Extended Data Fig. 10
Extended Data Fig. 10. Additional analyses of ITH and the relapse risk.
a. Hazard function plot against time for SCNA ITH. Cross-over of hazard function is observed between 1 to 2 years during follow-up. b. A restricted mean survival time-lost (RMTL) analysis of disease-free survival (DFS) to estimate the impact of SCNA ITH on DFS over different time periods in the TRACERx 100 cohort (left, 92 patients included), post-TRACERx 100 cohort (middle, 300 patients included), and the whole TRACERx 421 cohort (right, 392 patients included). RMTL ratios are adjusted for age, pack-years, stage, histology, and adjuvant treatment status. c. Proportions of the timing of relapse (<1 year, 1-2 years, 2-3 years, ≥3years) in patients who developed recurrence during the follow-up for 146 relapse patients. d. The difference in DFS between tumours with any whole genome doubling (WGD) (truncal and/or subclonal WGD) versus no WGD for 392 patients. e.

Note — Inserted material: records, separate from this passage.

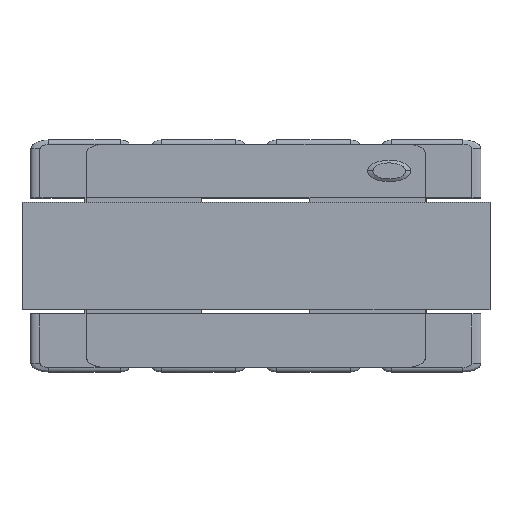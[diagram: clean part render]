
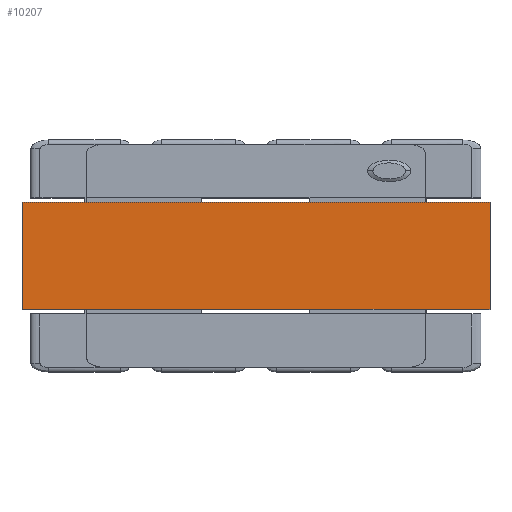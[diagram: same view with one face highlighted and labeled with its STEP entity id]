
A CAD part, top view. The second image highlights one B-rep face of the part: STEP entity #10207.
In plain terms, the highlighted planar face has unit normal (0, 0, 1).
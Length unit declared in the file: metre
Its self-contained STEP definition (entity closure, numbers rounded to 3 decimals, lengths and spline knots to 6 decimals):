
#192 = EDGE_CURVE ( 'NONE', #4142, #9083, #6979, .T. ) ;
#259 = DIRECTION ( 'NONE',  ( -1., 0., 0. ) ) ;
#576 = ORIENTED_EDGE ( 'NONE', *, *, #5384, .F. ) ;
#634 = CARTESIAN_POINT ( 'NONE',  ( 0.0235, 0.010447, 0.0119 ) ) ;
#1272 = AXIS2_PLACEMENT_3D ( 'NONE', #8918, #7065, #259 ) ;
#1366 = DIRECTION ( 'NONE',  ( 1., 0., 0. ) ) ;
#1425 = VECTOR ( 'NONE', #3399, 1. ) ;
#2267 = VECTOR ( 'NONE', #5766, 1. ) ;
#2770 = CARTESIAN_POINT ( 'NONE',  ( 0.0235, 0.002553, 0.0119 ) ) ;
#3186 = CARTESIAN_POINT ( 'NONE',  ( -0.011, 0.002553, 0.0119 ) ) ;
#3398 = EDGE_CURVE ( 'NONE', #10812, #10014, #9173, .T. ) ;
#3399 = DIRECTION ( 'NONE',  ( 0., -1., 0. ) ) ;
#3452 = LINE ( 'NONE', #7666, #1425 ) ;
#3560 = PLANE ( 'NONE',  #1272 ) ;
#3592 = EDGE_CURVE ( 'NONE', #9083, #10812, #3973, .T. ) ;
#3973 = LINE ( 'NONE', #3186, #2267 ) ;
#4122 = ORIENTED_EDGE ( 'NONE', *, *, #3398, .F. ) ;
#4142 = VERTEX_POINT ( 'NONE', #6793 ) ;
#4336 = CARTESIAN_POINT ( 'NONE',  ( -0.011, 0.002553, 0.0119 ) ) ;
#5262 = VECTOR ( 'NONE', #1366, 1. ) ;
#5384 = EDGE_CURVE ( 'NONE', #10014, #4142, #3452, .T. ) ;
#5766 = DIRECTION ( 'NONE',  ( 0., 1., 0. ) ) ;
#6131 = CARTESIAN_POINT ( 'NONE',  ( -0.011, 0.010447, 0.0119 ) ) ;
#6223 = FACE_OUTER_BOUND ( 'NONE', #9372, .T. ) ;
#6454 = ORIENTED_EDGE ( 'NONE', *, *, #3592, .F. ) ;
#6793 = CARTESIAN_POINT ( 'NONE',  ( 0.0235, 0.002553, 0.0119 ) ) ;
#6979 = LINE ( 'NONE', #2770, #9992 ) ;
#7065 = DIRECTION ( 'NONE',  ( 0., 0., -1. ) ) ;
#7666 = CARTESIAN_POINT ( 'NONE',  ( 0.0235, 0.010447, 0.0119 ) ) ;
#8154 = CARTESIAN_POINT ( 'NONE',  ( -0.011, 0.010447, 0.0119 ) ) ;
#8918 = CARTESIAN_POINT ( 'NONE',  ( 0.00625, 0.0065, 0.0119 ) ) ;
#9083 = VERTEX_POINT ( 'NONE', #4336 ) ;
#9173 = LINE ( 'NONE', #8154, #5262 ) ;
#9372 = EDGE_LOOP ( 'NONE', ( #6454, #10126, #576, #4122 ) ) ;
#9992 = VECTOR ( 'NONE', #10410, 1. ) ;
#10014 = VERTEX_POINT ( 'NONE', #634 ) ;
#10126 = ORIENTED_EDGE ( 'NONE', *, *, #192, .F. ) ;
#10207 = ADVANCED_FACE ( 'NONE', ( #6223 ), #3560, .F. ) ;
#10410 = DIRECTION ( 'NONE',  ( -1., 0., 0. ) ) ;
#10812 = VERTEX_POINT ( 'NONE', #6131 ) ;

The difference in DFS among tumours with different WGD statuses stratified by the number of truncal and subclonal WGDs for 392 patients. f. A multivariable Cox proportional hazards model to predict disease free survival (DFS) including subclonal WGD and SCNA ITH for 392 patients. g. The difference in DFS among tumours stratified by the recent subclonal expansion score using tertiles (left) and quartiles (right) for 392 patients. h. A multivariable Cox proportional hazards model including subclonal WGD, SCNA ITH, minimum recent clonal expansion score of all possible reconstructed phylogenetic trees, and other clinical variables which are known to impact on patient outcome for 392 patients. i. A multivariable linear regression model including subclonal WGD, SCNA ITH, recent clonal expansion score and other clinical variables to predict the time to relapse within patients who relapsed for 133 patients. j. A multivariable logistic regression model including subclonal WGD, SCNA ITH, recent clonal expansion score and other clinical variables to predict the relapse site (extra-thoracic vs only intra-thoracic) for patients with known relapse sites for 132 patients.